Each school morning, the 1st grade parents of a small rural community in Sierra County, California, have to put their sons and daughters on a bus for a commute that takes more than 90 minutes that's more than 3 hours spent sitting on a bus each day. The long commute means that these children are virtually unable to participate in after-school activities. They are tired. And families lose precious time to spend together. These students and families pay a heavy price. The reason? Federal funding cuts forced the local school district to close the Pliocene Ridge School, a National Blue Ribbon School for kindergarten through 12th grade. The nearest school was more than 50 miles away. And this is not an isolated incident. California's rural school districts are in crisis. More schools may have to close their doors, teachers face the real possibility of being laid off, and important school programs will be cut back or eliminated.
Unless Congress is able to provide funding for these rural schools for the 2008-2009 school year, 915 California teachers, school administrators and educational staff will be laid off this year.

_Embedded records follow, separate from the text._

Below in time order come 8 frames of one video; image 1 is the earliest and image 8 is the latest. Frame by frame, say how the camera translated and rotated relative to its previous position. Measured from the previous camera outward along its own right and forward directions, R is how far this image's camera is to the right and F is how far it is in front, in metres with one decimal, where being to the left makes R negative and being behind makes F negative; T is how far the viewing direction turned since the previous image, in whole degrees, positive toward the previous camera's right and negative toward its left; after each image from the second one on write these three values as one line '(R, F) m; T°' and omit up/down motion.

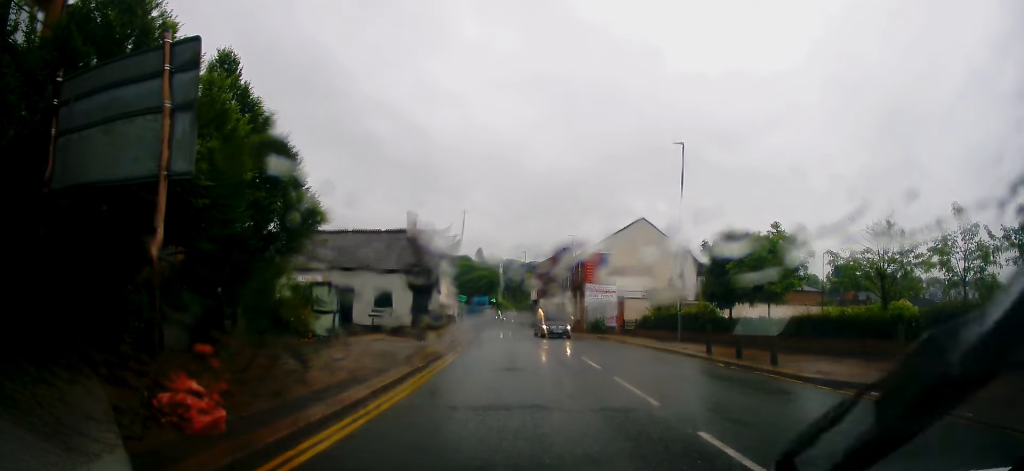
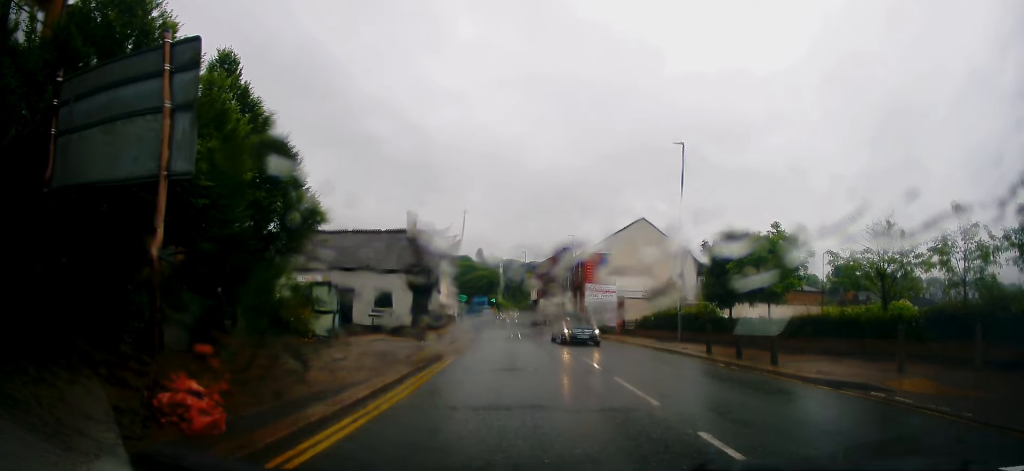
(0.0, 0.0) m; 0°
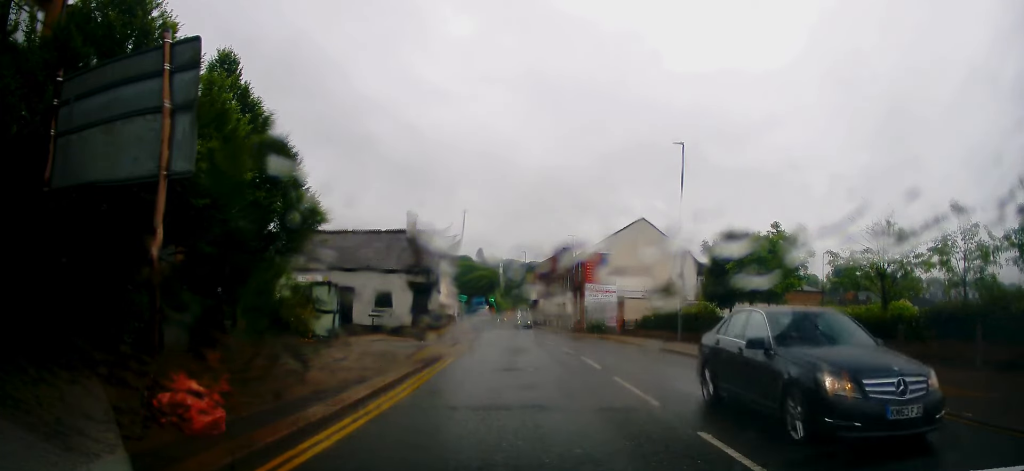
(0.0, 0.0) m; 0°
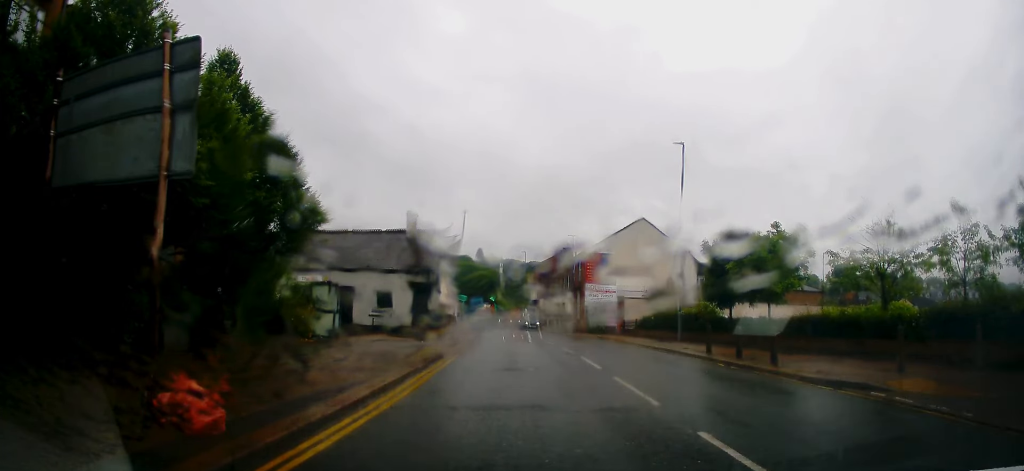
(0.0, 0.0) m; 0°
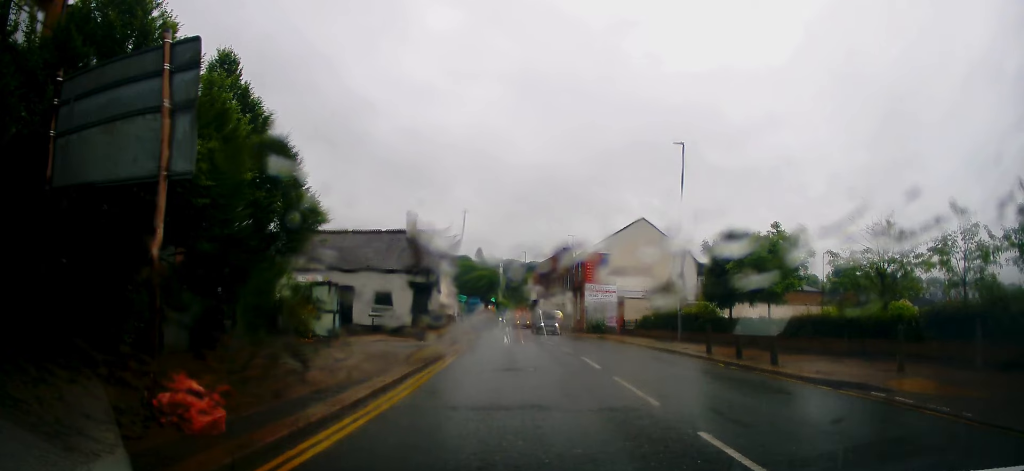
(0.0, 0.0) m; 0°
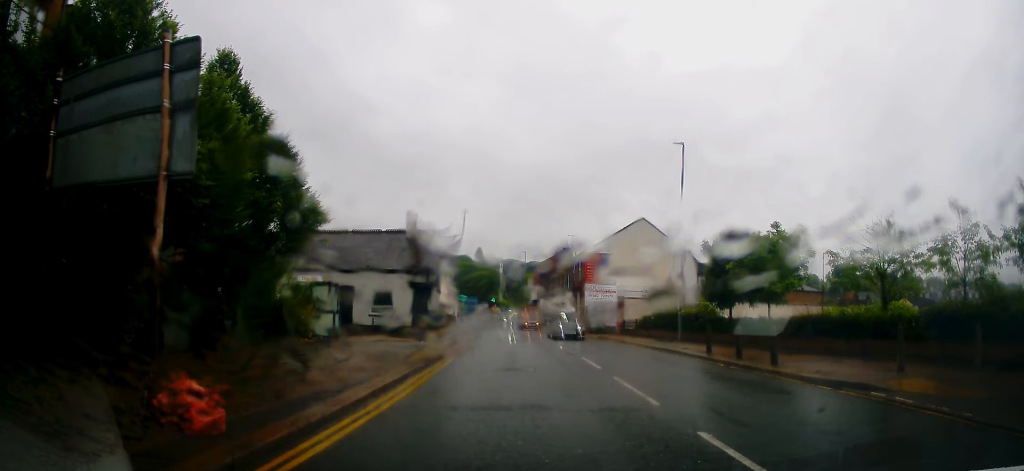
(0.0, 0.0) m; 0°
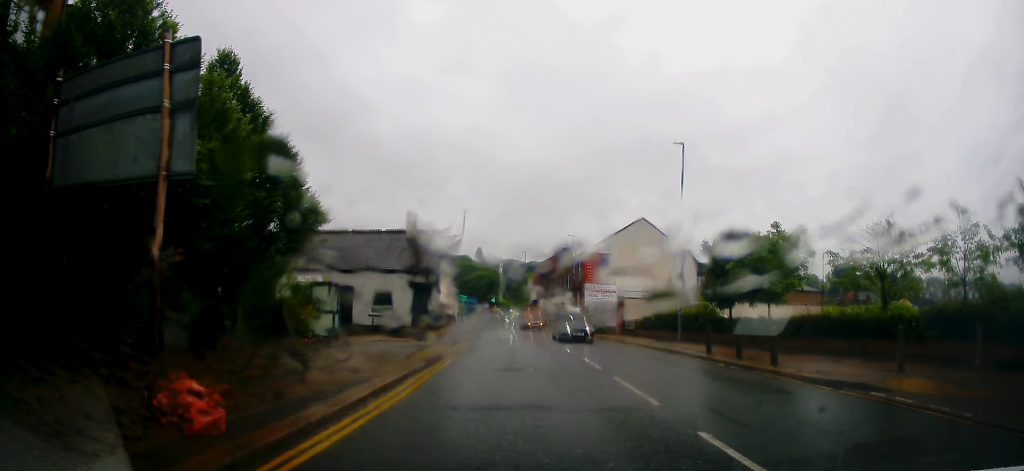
(0.0, 0.0) m; 0°
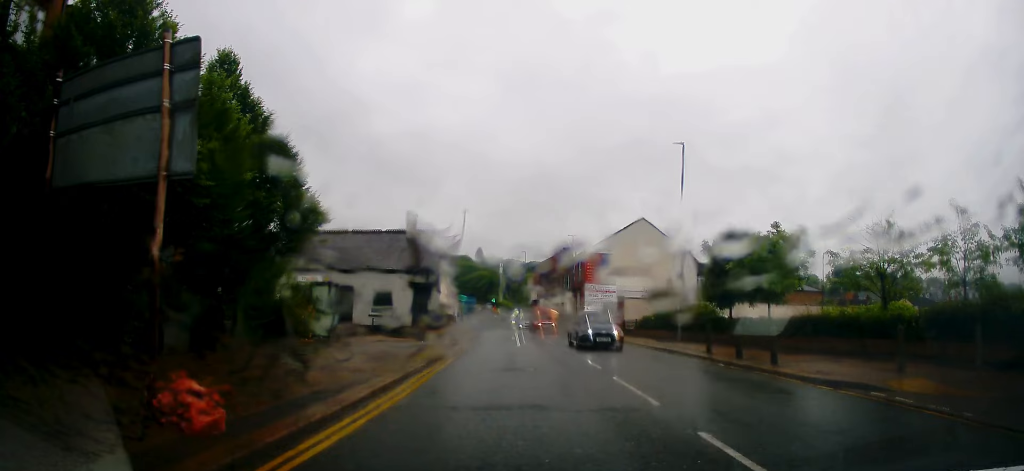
(0.0, 0.0) m; 0°

And a total of 6,931 teachers and staff nationwide.
If we fail to act, California's rural counties, including Sierra, Trinity, Plumas and Siskiyou -- would receive less than 20 percent of current funding, or only approximately $12 million. That's a loss of $57 million.
This would have real and serious repercussions for some of California's most rural counties. Here are just a few: In Sierra County: nearly 30 percent of the school district's teachers would be laid off; the school district would lose an additional 18 percent of their $7 million budget; and vocational education programs would be cut back.

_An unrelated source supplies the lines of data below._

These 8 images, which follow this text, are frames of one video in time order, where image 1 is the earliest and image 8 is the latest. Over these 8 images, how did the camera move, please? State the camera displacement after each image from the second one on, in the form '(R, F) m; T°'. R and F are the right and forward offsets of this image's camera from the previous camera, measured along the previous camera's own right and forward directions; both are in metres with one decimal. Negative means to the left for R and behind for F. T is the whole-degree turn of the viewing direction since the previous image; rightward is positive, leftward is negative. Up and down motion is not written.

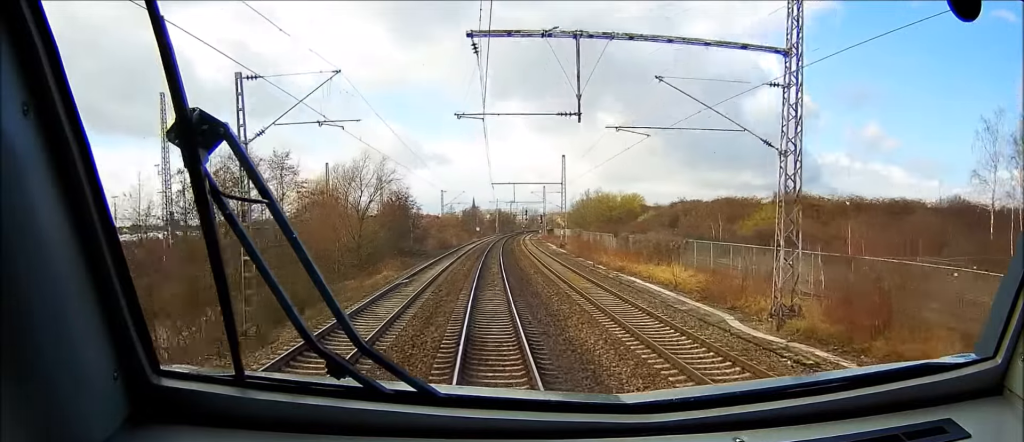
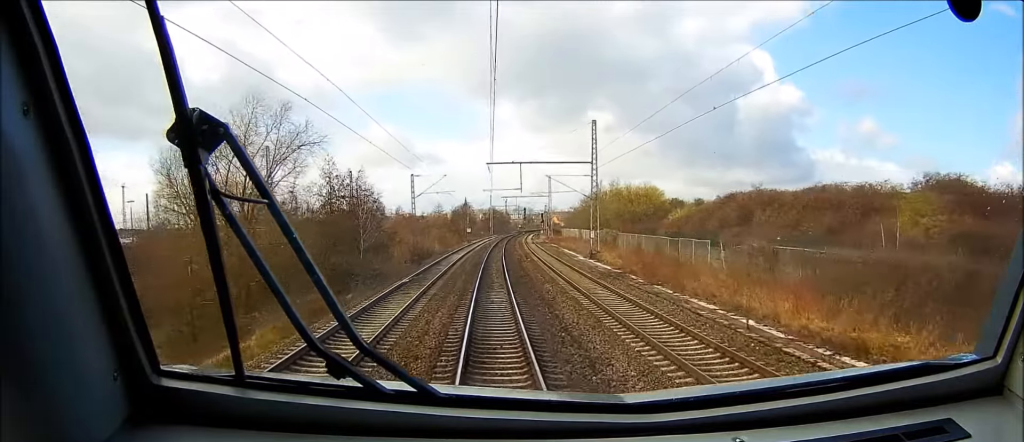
(0.0, +31.7) m; -1°
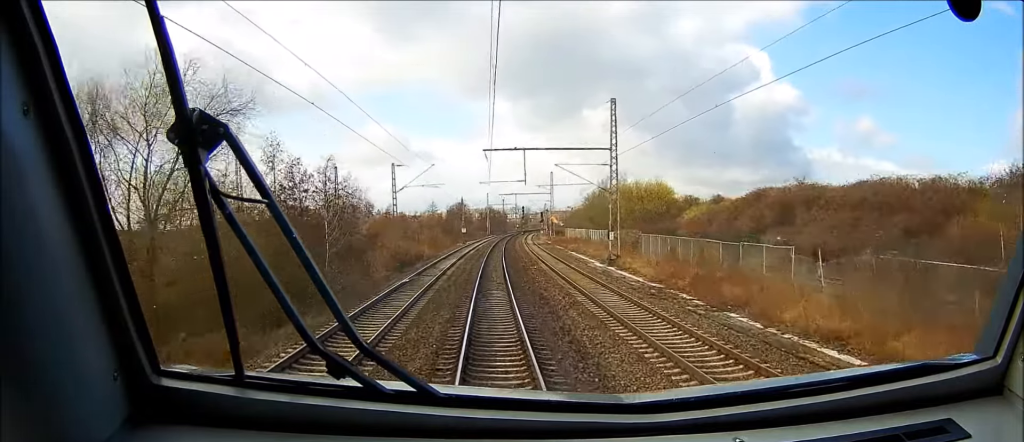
(-0.1, +10.9) m; 0°
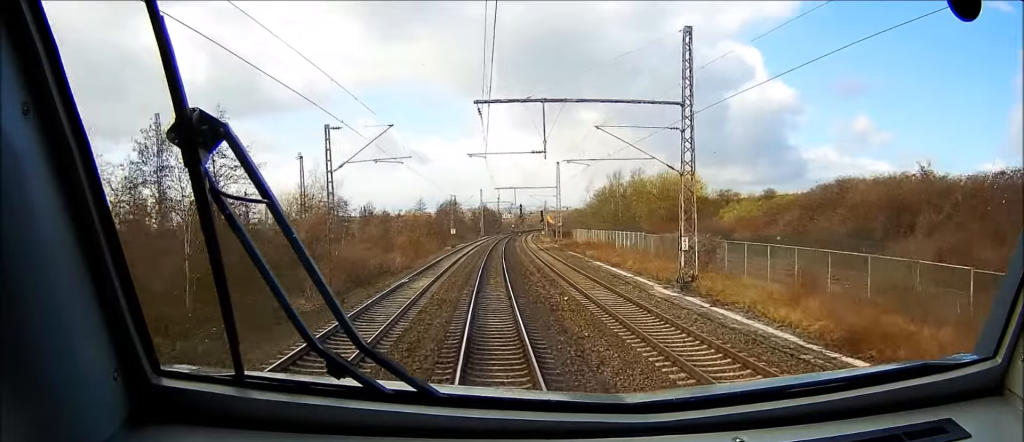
(+0.1, +20.6) m; 0°
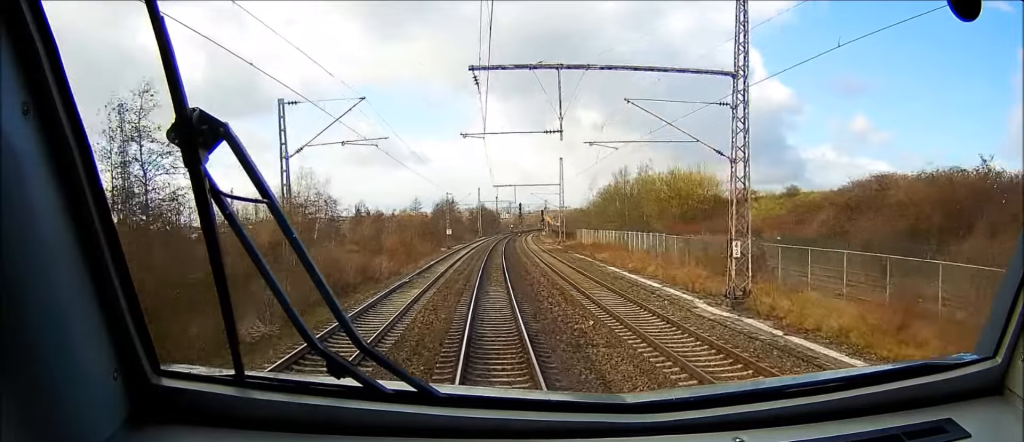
(0.0, +7.5) m; 0°
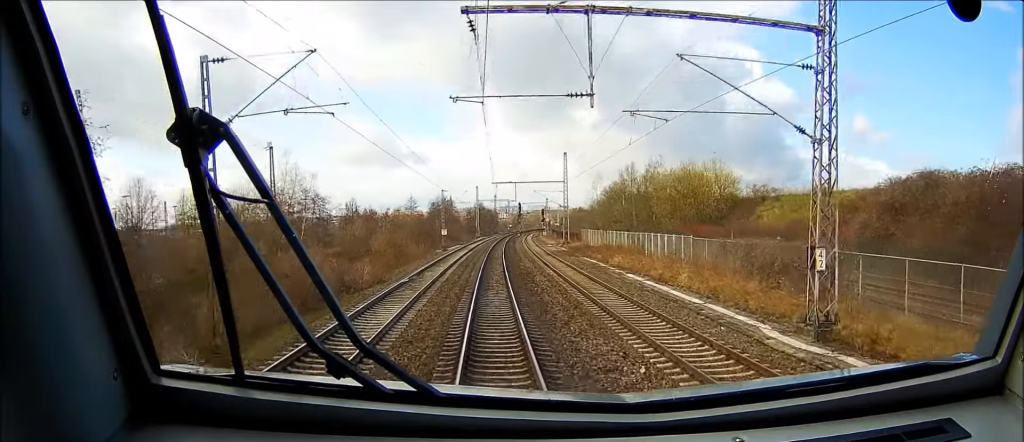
(0.0, +6.9) m; 0°
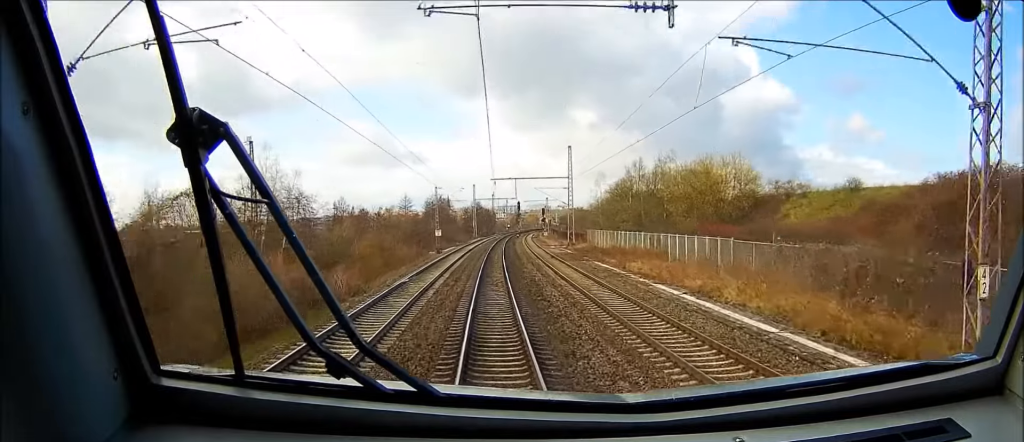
(0.0, +7.4) m; 0°
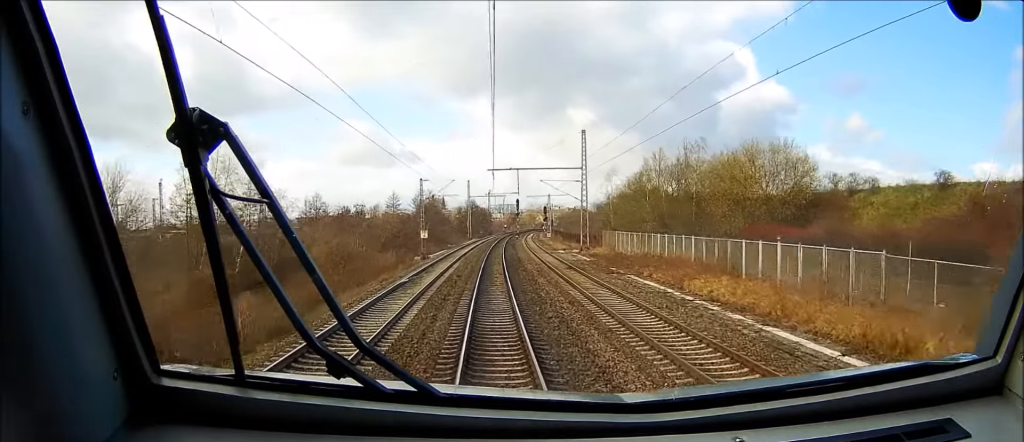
(0.0, +15.1) m; 0°

In Plumas County: over 20 percent of the school district's teachers would be laid off; class sizes for grades K-12 would be increased; all school librarians would be eliminated; and school cafeterias would be closed.
In Trinity County: 12 percent of the school district's teacher workforce would be laid off; they would have to cut one part-time school nurse (leaving one nurse to cover the entire 4,000 square-mile county); and cut music and arts programs.
At issue is the fact that Congress allowed an important funding program called Secure Rural Schools and Community Self-Determination to expire in 2006.
The program was established in 2000 to help rural counties adjacent to U.S. national forest land cope with a sharp decline in revenue from federal forest timber sales.
At the time, rural counties received 25 percent of all national forest timber revenues to fund their educational and road improvement programs. But during the 1990s, as fewer trees were cut, these revenues plummeted by 70 percent. And rural schools struggled to make ends meet. The program has proved to be a lifeline for these school districts. From 2001 to 2006, the program provided $2.794 billion for schools and road and forest improvement projects for rural counties. In 2006 alone, California's rural counties received approximately $69.6 million.
But after 2006, the program expired. And we in Congress are still trying to find solutions.
Last year, I joined with my colleagues Senators Harry Reid, Ron Wyden, Max Baucus, Patty Murray, and others to try to enact a five-year extension for the program.
The measure passed the Senate with strong bipartisan support. But we were ultimately only able to get a one-year extension of the program.
This emergency funding only served as a temporary reprieve. And the funding has already run out.
That's why it is so critical that Congress reauthorizes and funds a multi-year extension of the Secure Rural Schools program.
Bottom line: Congress must take action soon to provide a steady and reliable stream of funding for these rural schools.